How to design a 10kHz- 90KHz bandpass Butterworth filter using MAX275? And how to determined the resistances using MAXIM FILTER DESIGN SOFTWARE and analitically??
I think you need to know about the analog filter design.Analog active filter design can be found in the book : Analog and digital filter design by winder. I myself use it to design active filters. When you grasp in the filter you will easy follow the instructions by the Maxim to design their filters for a given application.
Maxim has gotten all sorts of ressources for this chip. Start at
https://www.maximintegrated.com/en/products/analog/analog-filters/MAX275.html and go to the tab "DESIGN RESOURCES". The datasheet gives what's required for an "analytical" solution.
Considering your specification (10 - 90 kHz pass band), I'd expect that you won't be too happy with the outcome of a band pass implementation. (I get a Q not higher than 0.5 for your specs.)

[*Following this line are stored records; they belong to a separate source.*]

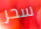
سحر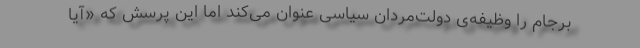
برجام را وظیفه‌ی دولت‌مردان سیاسی عنوان می‌کند اما این پرسش که «آیا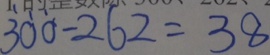
3 0 0 - 2 6 2 = 3 8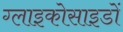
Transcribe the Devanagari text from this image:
ग्लाइकोसाइडों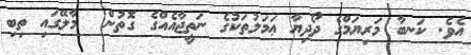
އެވެ. ކަނބާ މަރިޔަމްގެ ދޯދިޔާ ޢަމަލުތަކުގެ ނަތީޖާއެއްގެ ގޮތުން  މާލޭގައި ތިބި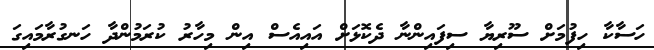
ހަސާކާ ހިފުމަށް ސޫރިޔާ ސިފައިންނާ ދެކޮޅަށް އައިއެސް އިން މިހާރު ކުރަމުންދާ ހަނގުރާމައިގަ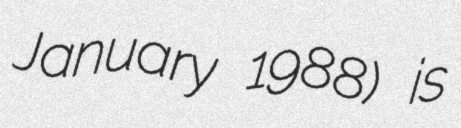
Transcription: January 1988) is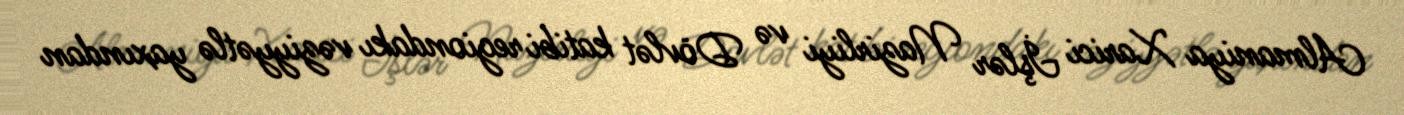
Almaniya Xarici İşlər Nazirliyi və Dövlət katibi regiondakı vəziyyətlə yaxından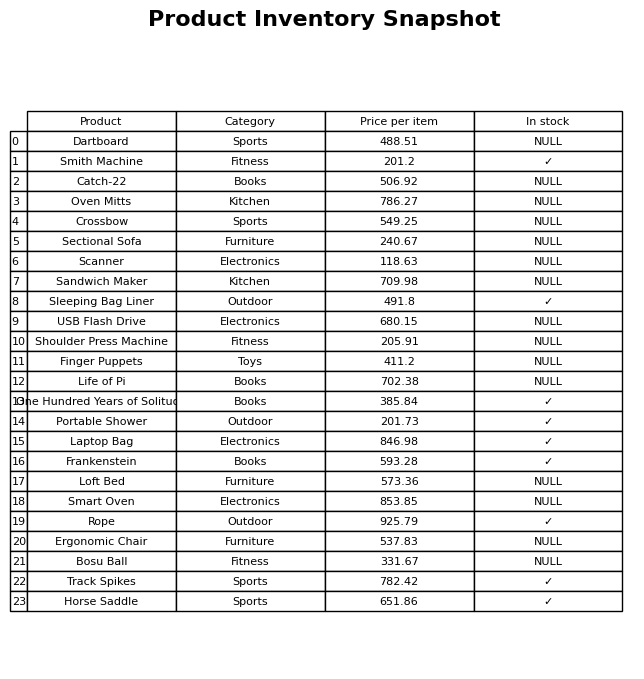
question: Which products are available in stock?
answer: Smith Machine, Sleeping Bag Liner, One Hundred Years of Solitude, Portable Shower, Laptop Bag, Frankenstein, Rope, Track Spikes, Horse Saddle

A better approach might be to implement 2 low pass filters (10 resp. 90 kHz cutoff) and combine the outputs with a separate OpAmp.

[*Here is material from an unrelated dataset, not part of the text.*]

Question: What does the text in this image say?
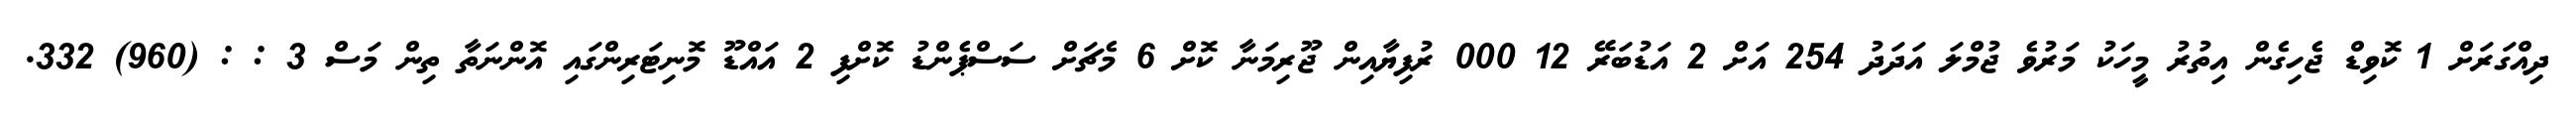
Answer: ދިއްގަރަށް 1 ކޮވިޑް ޖެހިގެން އިތުރު މީހަކު މަރުވެ ޖުމްލަ އަދަދު 254 އަށް 2 އަޑުބަރޭ 12 000 ރުފިޔާއިން ޖޫރިމަނާ ކޮށް 6 މެޗަށް ސަސްޕެންޑު ކޮށްފި 2 އައްޑޫ މޮނިޓަރިންގައި އޮންނަތާ ތިން މަސް 3 : : (960) 332.

I am sure that you mean a series combination of a low pass filter cutting at fc=90 kHz and a high pass filter cutting at 10 kHz.
I agree with you completely. This is the way to implement this wide band bandpass filter.

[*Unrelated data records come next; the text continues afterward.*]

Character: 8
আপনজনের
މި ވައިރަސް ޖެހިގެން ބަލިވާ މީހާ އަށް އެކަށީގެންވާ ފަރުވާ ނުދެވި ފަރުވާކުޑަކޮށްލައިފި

If the two low pass filters are used then the have to be connected in parallel and then one subtracts the output of the 10kHz filter from the output of the 90 kHz low pass filter. In this way one has to use one extra difference amplifier.
I'm fine so far (although still recovering from a bad cold). How are you?
You clearly got the concept:
implement 2 parallel low-passes (10 resp. 90 kHz) (The MAX275 is not designed to implement high-passes.)
Use an external OpAmp as an adder - subtracting the 10 kHz low-pass filtered signal from the the 90 kHz low-pass filtered signal. Subtracting the 10 kHz lowpass filtered signal from the input (or another signal containing at least the whole spectrum up to 10 kHz) effects a high-pass with a cut-off frequency of 10 kHz. (Following the insight that a high-pass could be implemented by subtracting the low-pass filtered signal from the original signal.)